Entry taxes on etailers fragment the all-India market
Given how India is gearing up for the introduction of the Goods and Service Tax (GST) where all entry taxes—the few that still remain—are to be subsumed in the overall GST rate, it is unfortunate that various states should be imposing an entry tax on goods sold by e-commerce players. If the taxes were minor, there wouldn’t be too much of a problem—though collecting these is a logistical nightmare, and right now courier companies are expected to collect—but the levels being imposed are quite large and are meant to compensate for the loss in revenue. If a customer buys a phone in a brick-and-mortar store in Patna, for instance, she will pay VAT which will be passed on to the Bihar government. In case the phone is purchased online and the delivery is made from a warehouse based in Chennai—it doesn’t matter if the warehouse is that of the eventual supplier or of the e-commerce firm—the VAT will be deposited with the Tamil Nadu government. A state wanting to protect its tax base is one thing, but it cannot be at the cost of the customer who, once entry taxes are imposed, ends up paying—in our hypothetical example—both the Tamil Nadu VAT as well as the Bihar entry tax.

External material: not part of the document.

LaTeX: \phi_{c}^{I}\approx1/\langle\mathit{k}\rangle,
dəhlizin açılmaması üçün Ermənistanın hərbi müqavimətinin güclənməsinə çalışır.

Apart from the fact that GST may be delayed, it is not wise to assume that this is a temporary problem and will be resolved once GST is introduced since all entry taxes will be subsumed—there are over 1,000 cases on entry tax pending in the Supreme Court after a 5-judge bench ruled, in 2010, that a larger bench had to reconcile the conflicting judgments given by various high courts. Such entry taxes, in effect, end up distorting the all-India market and create smaller sub-markets—in order to avoid a Bihar entry tax, for instance, this means the distributor will have to set up a warehouse in Bihar. Given that states like Gujarat, Madhya Pradesh and Rajasthan, among others, are considering a similar levy according to The Economic Times, this means suppliers will now have to set up warehouses in many states, not necessarily in the one where it is most efficient from the point of view of logistics. If the central government is keen on promoting etail, it needs to sit down with the state governments to find a solution. Meanwhile, given how the online retail market is projected to expand to $69 billion in 2020, the GST Council also needs to ensure that such taxation does not carry on in the post-GST era.